Posts Tagged "Music Classes for Autism"
We all have fond memories of learning skills that are play based. Time flies by and we didn’t notice how many hours we spent learning how to ride a bicycle or put the basketball through the hoop. We were busy having fun.
Having fun learning music can start very young, and continue for a lifetime.
My approach to acquiring music skills, (regardless of the instrument), is based on having fun. I carefully choose songs and activities that engage the student and help to develop all the skills necessary to do something well and improve in all these other areas.
- Language Skills – singing generally, and specifically, is potentially helpful for developing the function of language including the following areas: speech, vocabulary, articulation, flow, and even literacy.
- Cognitive Functioning – developing memory, learning how to learn, mental processing, and clarity. Note that there is a lot of information available about how music can help develop the brain. While this is true, I am talking a great deal more than this: enhancing specific mental abilities as a consequence of becoming a more accomplished musician.
- Physical Functioning – singing and playing instruments require a high degree of coordination, and, at a higher level, flow. And, as music making becomes more flowing and coordinated, so too does the body usage. It is possible to use the acquisition of musical mastery, therefore, to enhance body usage.
To do this I play and sing with the student so that we are learning how to work together, and have fun. I also have at my fingertips, an enormous amount of material that I use and adapt for each student, depending on their age and interests.
The goal is to have music making become an activity that is rewarding and will last a whole lifetime.
Music touches us in profound ways, and while many of us enjoy listening to music, it is the activity of making music that has the most powerful effect on our wellbeing. The Sing-Play approach makes learning how to do this an easy and rewarding experience. We have so much music inside of us just waiting to come out.
Most adults currently living with Parkinson’s and Alzheimer’s will have grown up in a significantly more active musical environment. Many more people were engaged in music making, in their local communities, through participation in local orchestras, chorus, church choirs, as well as playing in dance bands. Despite having Parkinson’s or Alzheimer’s, they will possess a huge reservoir of music that they have heard which makes it very easy to develop.
While scientific studies continue to show us how making music has a positive effect on our brains, cognition, co-ordination and emotional well- being, it doesn’t really show us how much enjoyment we get out of making music ourselves.
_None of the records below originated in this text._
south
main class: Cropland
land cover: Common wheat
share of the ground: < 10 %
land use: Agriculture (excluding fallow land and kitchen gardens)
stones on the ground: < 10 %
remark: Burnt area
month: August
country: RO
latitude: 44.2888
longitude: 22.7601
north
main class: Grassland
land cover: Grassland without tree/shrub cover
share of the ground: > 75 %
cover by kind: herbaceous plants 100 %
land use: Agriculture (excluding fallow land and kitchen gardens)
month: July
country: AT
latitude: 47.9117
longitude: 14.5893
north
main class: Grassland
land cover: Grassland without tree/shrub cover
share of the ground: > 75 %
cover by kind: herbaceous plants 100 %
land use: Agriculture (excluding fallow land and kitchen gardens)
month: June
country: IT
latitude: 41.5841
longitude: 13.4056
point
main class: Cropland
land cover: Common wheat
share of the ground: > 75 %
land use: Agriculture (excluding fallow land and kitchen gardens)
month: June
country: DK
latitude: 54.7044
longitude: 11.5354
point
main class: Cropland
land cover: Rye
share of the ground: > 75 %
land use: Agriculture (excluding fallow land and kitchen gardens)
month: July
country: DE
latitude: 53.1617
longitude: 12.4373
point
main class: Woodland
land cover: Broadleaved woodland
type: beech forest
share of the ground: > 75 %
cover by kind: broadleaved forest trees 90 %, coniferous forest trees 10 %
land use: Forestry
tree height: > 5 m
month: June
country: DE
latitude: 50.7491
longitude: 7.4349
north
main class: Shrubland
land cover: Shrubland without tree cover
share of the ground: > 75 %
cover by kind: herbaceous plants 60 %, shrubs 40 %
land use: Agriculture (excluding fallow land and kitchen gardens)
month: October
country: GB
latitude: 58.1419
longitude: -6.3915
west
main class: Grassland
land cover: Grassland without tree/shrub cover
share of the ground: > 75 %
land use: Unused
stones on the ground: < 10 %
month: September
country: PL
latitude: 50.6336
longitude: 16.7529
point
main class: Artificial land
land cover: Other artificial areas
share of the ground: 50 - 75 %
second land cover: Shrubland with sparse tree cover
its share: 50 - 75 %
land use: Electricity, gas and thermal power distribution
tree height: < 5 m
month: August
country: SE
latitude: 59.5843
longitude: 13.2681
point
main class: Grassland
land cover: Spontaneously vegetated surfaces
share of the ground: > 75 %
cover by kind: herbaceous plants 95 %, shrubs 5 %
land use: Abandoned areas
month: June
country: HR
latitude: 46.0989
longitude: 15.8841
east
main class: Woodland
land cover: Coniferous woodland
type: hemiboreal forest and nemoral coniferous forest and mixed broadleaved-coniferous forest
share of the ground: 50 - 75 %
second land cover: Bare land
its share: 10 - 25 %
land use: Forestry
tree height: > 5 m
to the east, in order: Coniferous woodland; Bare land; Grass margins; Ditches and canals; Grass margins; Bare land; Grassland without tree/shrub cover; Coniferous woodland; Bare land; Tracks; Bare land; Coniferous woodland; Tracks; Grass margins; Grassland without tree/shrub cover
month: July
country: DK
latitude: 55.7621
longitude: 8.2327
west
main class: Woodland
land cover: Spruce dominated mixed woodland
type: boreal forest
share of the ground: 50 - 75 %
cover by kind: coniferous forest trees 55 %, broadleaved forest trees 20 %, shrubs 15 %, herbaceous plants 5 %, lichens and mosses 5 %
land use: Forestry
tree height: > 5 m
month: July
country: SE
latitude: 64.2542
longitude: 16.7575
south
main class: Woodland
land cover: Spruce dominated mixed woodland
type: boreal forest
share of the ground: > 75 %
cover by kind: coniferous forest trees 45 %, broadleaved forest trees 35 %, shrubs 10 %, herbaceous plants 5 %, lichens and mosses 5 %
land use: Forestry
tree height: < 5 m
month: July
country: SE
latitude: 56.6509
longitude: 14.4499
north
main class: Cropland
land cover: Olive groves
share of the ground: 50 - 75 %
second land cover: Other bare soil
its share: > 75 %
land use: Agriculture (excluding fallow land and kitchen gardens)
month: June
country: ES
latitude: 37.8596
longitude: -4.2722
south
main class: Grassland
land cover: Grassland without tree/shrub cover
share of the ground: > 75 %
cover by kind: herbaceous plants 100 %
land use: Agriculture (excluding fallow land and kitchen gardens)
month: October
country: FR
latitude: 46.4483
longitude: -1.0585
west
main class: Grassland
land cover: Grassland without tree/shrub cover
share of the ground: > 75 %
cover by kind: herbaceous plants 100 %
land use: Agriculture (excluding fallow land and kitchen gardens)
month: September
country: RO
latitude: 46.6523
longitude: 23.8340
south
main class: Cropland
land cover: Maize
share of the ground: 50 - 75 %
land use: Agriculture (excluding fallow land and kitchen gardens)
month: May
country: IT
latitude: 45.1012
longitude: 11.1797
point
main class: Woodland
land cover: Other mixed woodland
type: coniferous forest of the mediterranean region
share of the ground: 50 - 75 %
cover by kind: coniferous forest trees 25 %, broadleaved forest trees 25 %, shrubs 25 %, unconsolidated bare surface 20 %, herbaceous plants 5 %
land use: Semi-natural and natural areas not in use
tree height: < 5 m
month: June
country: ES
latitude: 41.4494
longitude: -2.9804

With Parkinson’s and Alzheimer’s, the sufferer is learning how to navigate a life that now includes diminishing life skills, and an increased need for help. Learning how to activate their creativity and make music themselves becomes a powerfull addition to their lives, both personally and for their families.
Music Wellness is an approach to music learning that has evolved over many years of my ongoing interest in different wholistic modalities. It was sparked by the instant improvement in my clarinet playing from just one lesson in the Alexander Technique. This was such a shock, as it was a radically different approach to developing excellence that I was learning at the time from my famous teacher. This led me to becoming a certified teacher of the Alexander Technique and introduced me to a whole new world.
If you think of wellness as developing a lifestyle that you can easily live on a daily basis it covers three broad areas, Body, Mind and Spirit and Music Wellness addresses the Spirit. You learn to make music with the aim of giving it out to others, regardless of whether they are in the room or far away.
While I teach this to all my music students, it was brilliantly demonstrated to me by one of my music students, only four years old. During our last music session, she was singing one of her favorite songs and playing the drums, while I was playing the piano. Then she spontaneously made up a song to all her grandmothers, (they are all in heaven), and another song for all her grandfathers, who are also in heaven. In the process of offering them her songs, she was connecting directly with them – despite the great distance between earth and heaven! – and creating wellness for herself.
Music Wellness means that every time you make music you are helping others, by playing to them and yourself by thinking outwardly. This can be part of your daily life.